What the World Needs Now
Scripture Reading: 2 Chronicles 14-17; Psalm 14
The LORD is with you while you are with him. If you seek him, he will be found by you, but if you forsake him, he will forsake you. For a long time Israel was without the true God, and without a teaching priest and without law, but when in their distress they turned to the LORD, the God of Israel, and sought him, he was found by them.
2 Chronicles 15:2–4
These words were spoken by Azariah to King Asa and the people of Judah during Asa’s reign. We should be cautious about turning this into a blanket promise for every believer under the New Covenant.

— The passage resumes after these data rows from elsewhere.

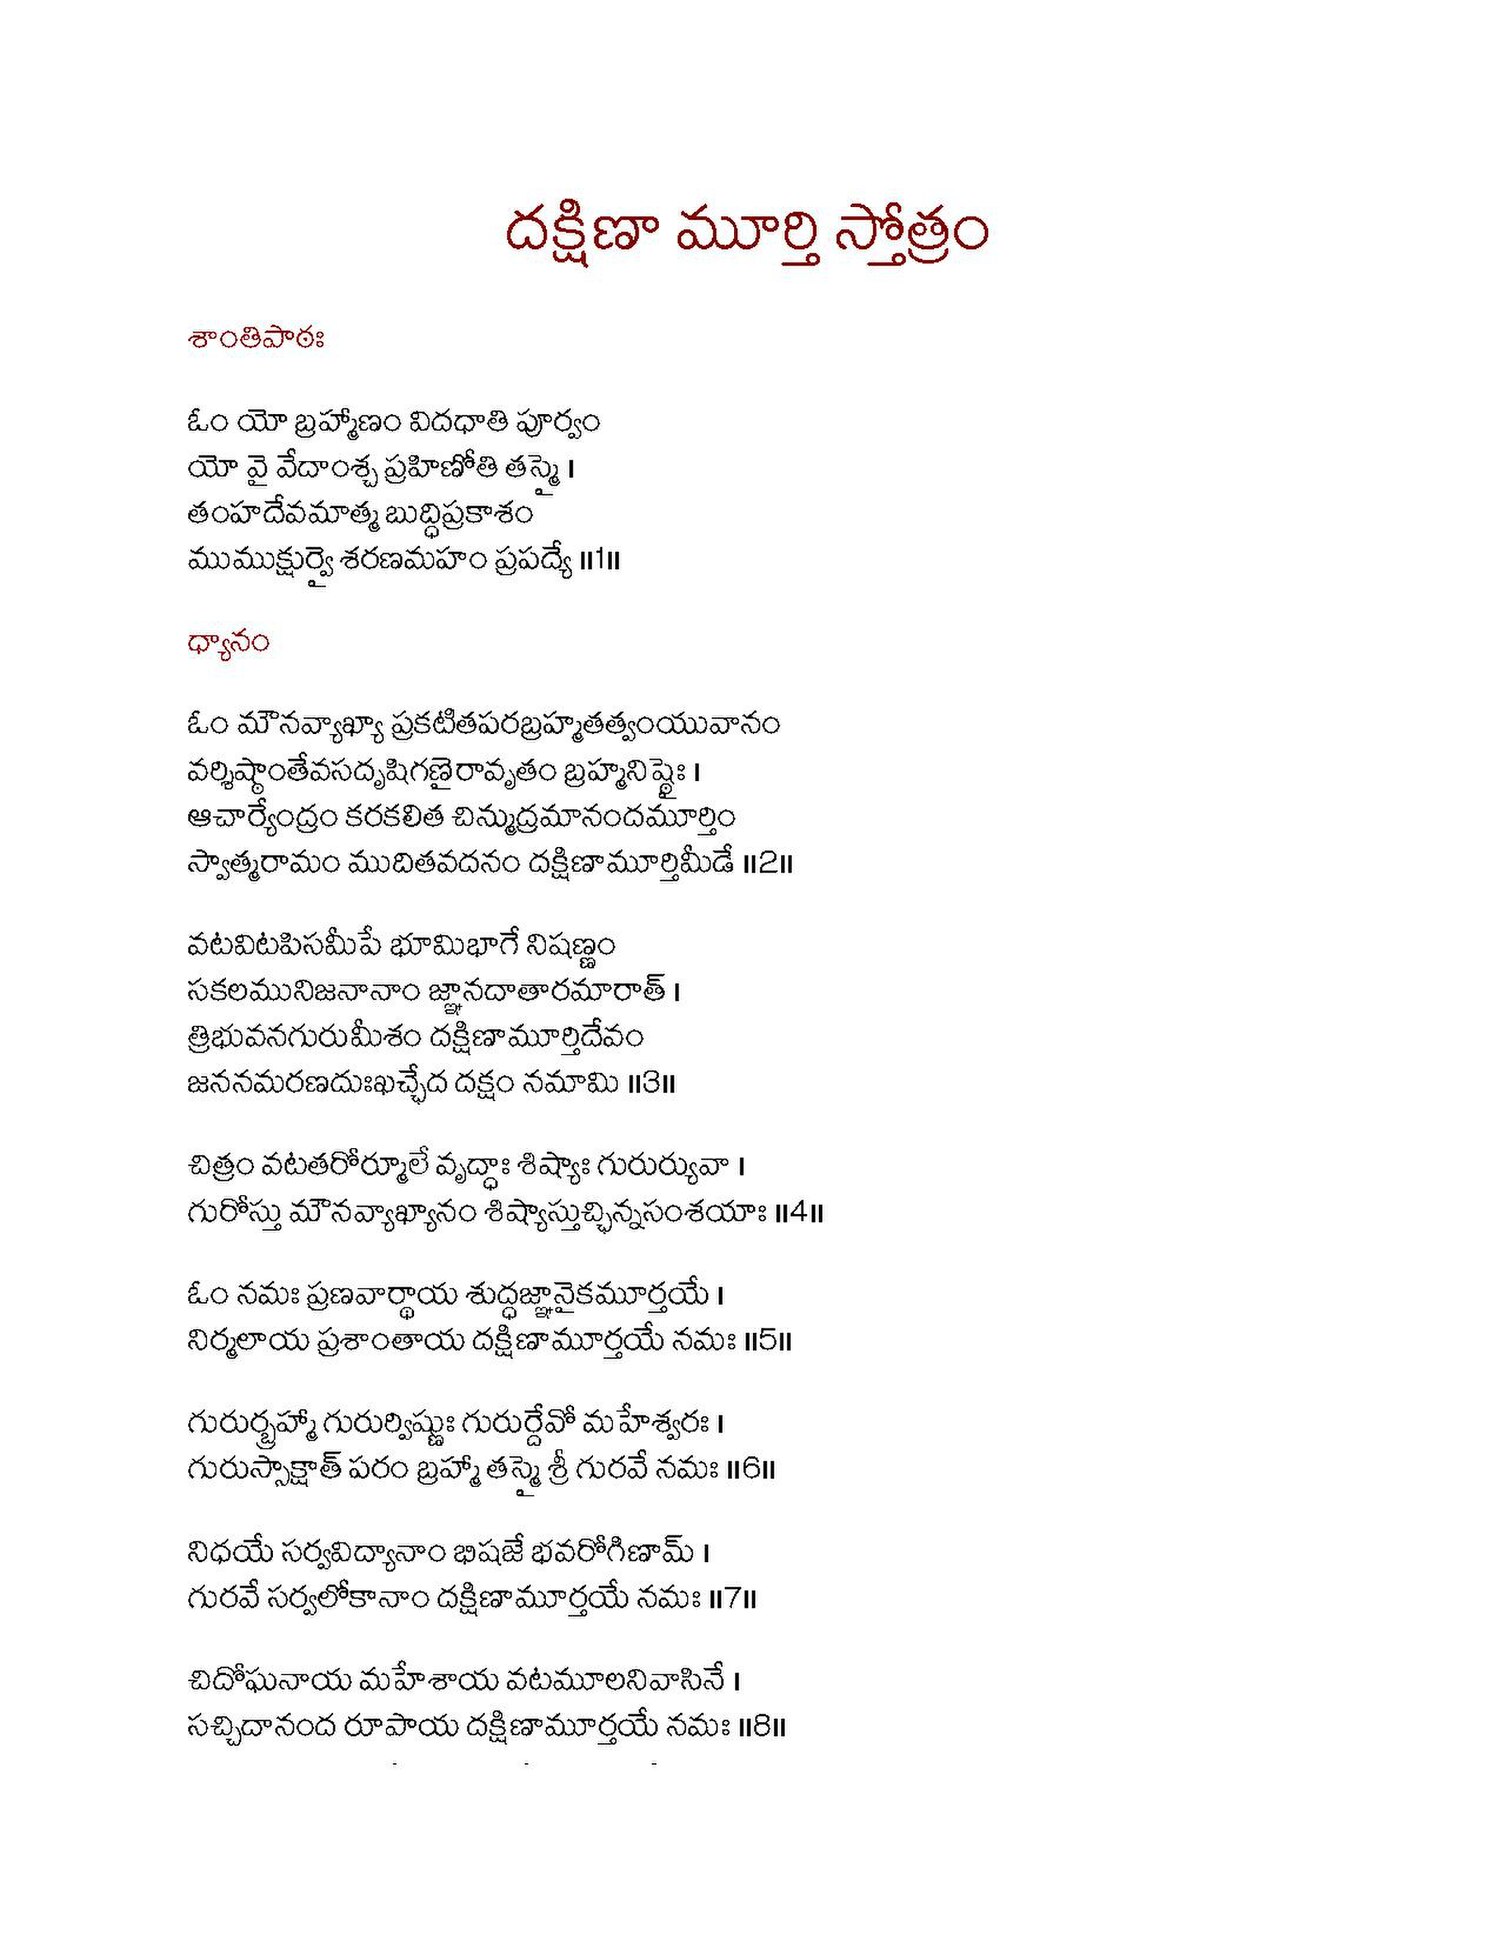ఓం యో బ్రహ్మాణం విదధాతి పూర్వం
యో వై వేదాంశ్చ ప్రహిణోతి తస్మై |
తంహదేవమాత్మ బుద్ధిప్రకాశం
ముముక్షుర్వైశరణమహం ప్రపద్యే ||1||

ఓం మౌనవ్యాఖ్యా ప్రకటితపరబ్రహ్మతత్వంయువానం
వర్శిష్ఠాంతేవసదృషిగణైరావృతం బ్రహ్మనిష్ఠైః |
ఆచార్యేంద్రం కరకలిత చిన్ముద్రమానందమూర్తిం
స్వాత్మరామం ముదితవదనం దక్షిణామూర్తిమీడే ||2||

వటవిటపి సమీపే భూమిభాగే నిషణ్ణం
సకలమునిజనానాం జ్ఞానదాతారమారాత్ |
త్రిభువనగురుమీశం దక్షిణామూర్తిదేవం
జననమరణదుఃఖచ్ఛేద దక్షం నమామి ||3||

చిత్రం వటతరోర్మూలే వృద్ధాః శిష్యాః గురుర్యువా |
గురోస్తు మౌనవ్యాఖ్యానం శిష్యాస్తుచ్ఛిన్నసంశయాః ||4||

ఓం నమః ప్రణవార్థాయ శుద్ధజ్ఞానైకమూర్తయే |
నిర్మలాయ ప్రశాంతాయ దక్షిణామూర్తయే నమః ||5||

గురుర్బహ్మా గురుర్విష్ణుః గురుర్దేవో మహేశ్వరః |
గురుస్సాక్షాత్ పరం బ్రహ్మా తస్మై శ్రీ గురవే నమః ||6||

నిధయే సర్వవిద్యానాం భిషజే భవరోగిణామ్ |
గురవే సర్వలోకానాం దక్షిణామూర్తయే నమః || 7 ||

చిదోఘనాయ మహేశాయ వటమూలనివాసినే |
సచ్చిదానంద రూపాయ దక్షిణామూర్తయే నమః ||8||

To do so would ignore the promises of grace found in verses like, “I will never leave you nor forsake you,” and “If we are faithless, he remains faithful, for he cannot deny himself.”
Misapplying this text can turn it into law used in the wrong way.

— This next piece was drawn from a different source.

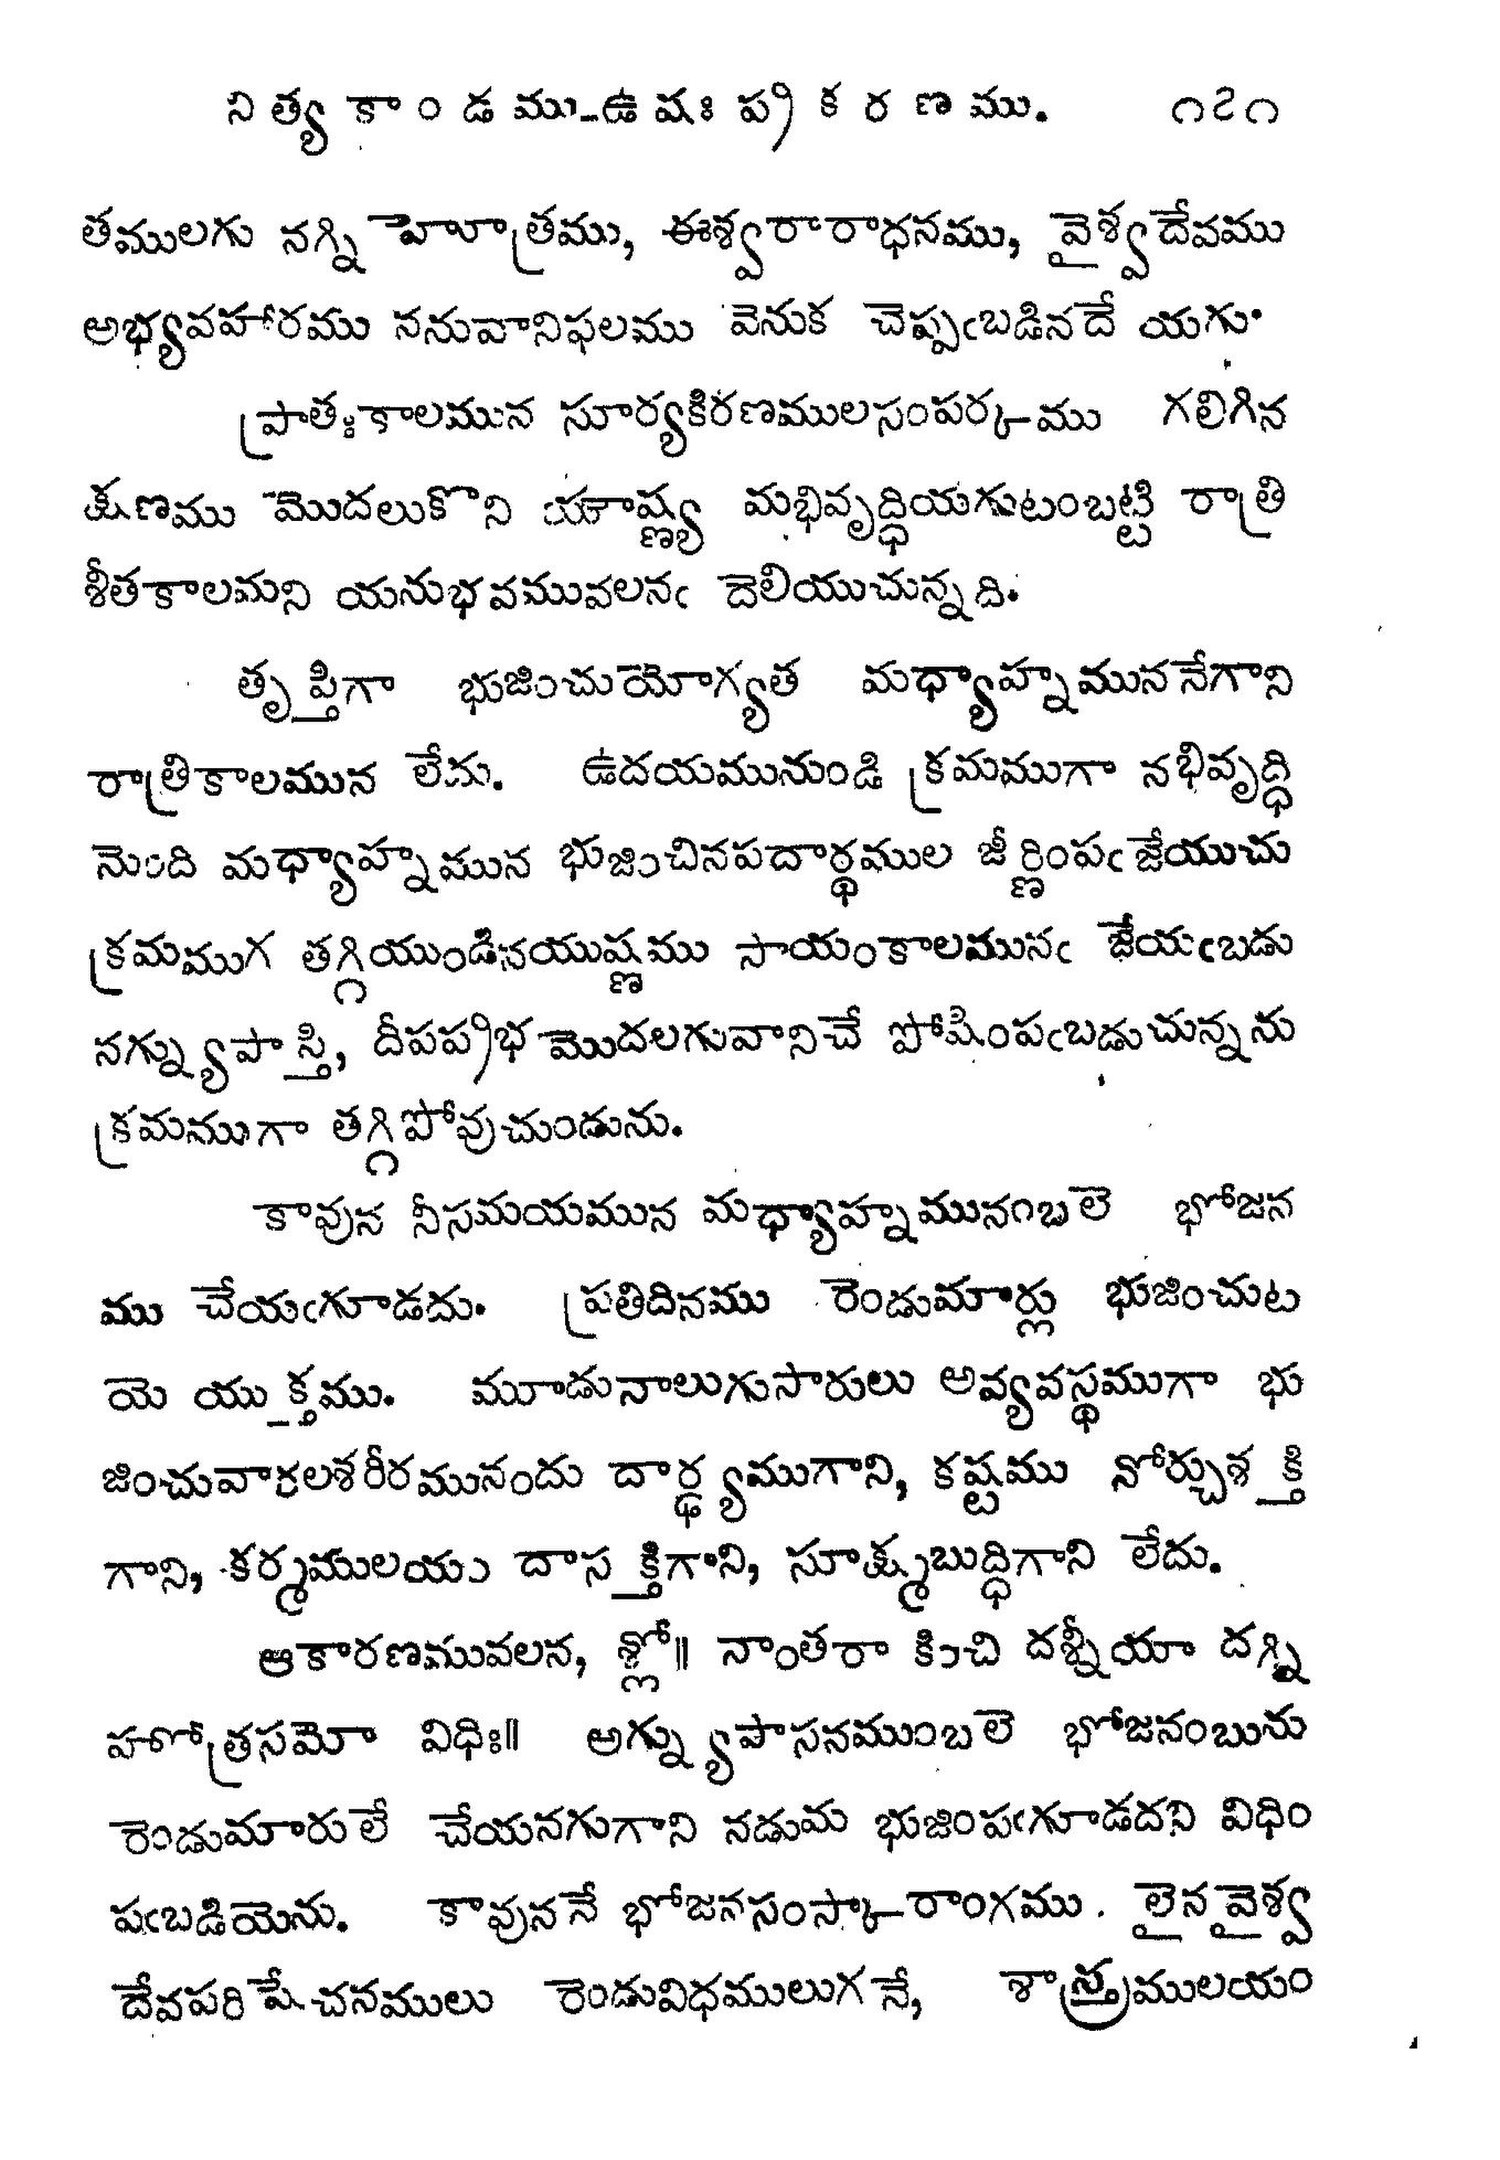తములగు నగ్ని హోత్రము, ఈశ్వరారాధనము, వైశ్వదేవము అభ్యవహారము ననువానిఫలము వెనుక చెప్పఁబడినదే యగు.

ప్రాతఃకాలమున సూర్యకిరణములసంపర్కము గలిగిన క్షణము మొదలుకొని యౌష్ణ్య మభివృద్ధియగుటంబట్టి రాత్రి శీతకాలమని యనుభవమువలనఁ దెలియుచున్నది.

తృప్తిగా భుజించుయోగ్యత మధ్యాహ్నముననేగాని రాత్రికాలమున లేదు. ఉదయమునుండి క్రమముగా నభివృద్ధి నొంది మధ్యాహ్నమున భుజించినపదార్థములు జీర్ణింపఁజేయుచు క్రమముగ తగ్గియుండినయుష్ణము సాయంకాలమునఁ జేయఁబడు నగ్న్యుపాస్త్రి, దీపప్రభ మొదలగువానిచే పోషింపఁబడుచున్నను క్రమముగా తగ్గిపోవుచుండును.

కావున నీసమయమున మధ్యాహ్నమునంబలె భోజనము చేయఁగూడదు. ప్రతిదినము రెండుమార్లు భుజించుటయె యుక్తము. మూడునాలుగుసారులు అవ్యవస్థముగా భుజించువారలశరీరమునందు దార్ఢ్యముగాని, కష్టము నోర్చుశక్తిగాని, కర్మములయం దాసక్తిగాని, సూక్ష్మబుద్ధిగాని లేదు.

ఆకారణమువలన, శ్లో॥ నాంతరా కించి దశ్నీయా దగ్నిహోత్రసమో విధిః॥ అగ్న్యుపాసనముంబలె భోజనంబును రెండుమారులే చేయనగుగాని నడుమ భుజింపఁగూడదని విధింపఁబడియెను. కావుననే భోజనసంస్కారాంగము లైనవైశ్వదేవపరిషేచనములు రెండువిధములుగనే, శాస్త్రములయం

Nevertheless, the principles behind Azariah’s words still matter. He wasn’t simply giving personal advice to Asa; he was reminding the king why the nation had fallen into such decline and distress, and why previous leaders had failed so badly.
The same principle applies today: when we live as practical atheists by ignoring God’s will, sidelining His Word, acting as if He’s irrelevant; we shouldn’t be shocked when life goes sideways. This isn’t a denial of grace; it’s a recognition that what Dietrich Bonhoeffer called “cheap grace” is real. Grace doesn’t exempt us from the consequences of living carelessly or faithlessly.
This passage also quietly reminds us of the things that make life work as it should, it states what the world needs now: a relationship with the true God, Jesus Christ, the guidance of His Word, and godly leadership. When those things are present, life tends to go better. When they’re absent, trouble tends to follow.
Thankfully, even when we stumble or drift, God invites us to seek Him, and when we do, just as in the days of Asa, “He will be found by you.”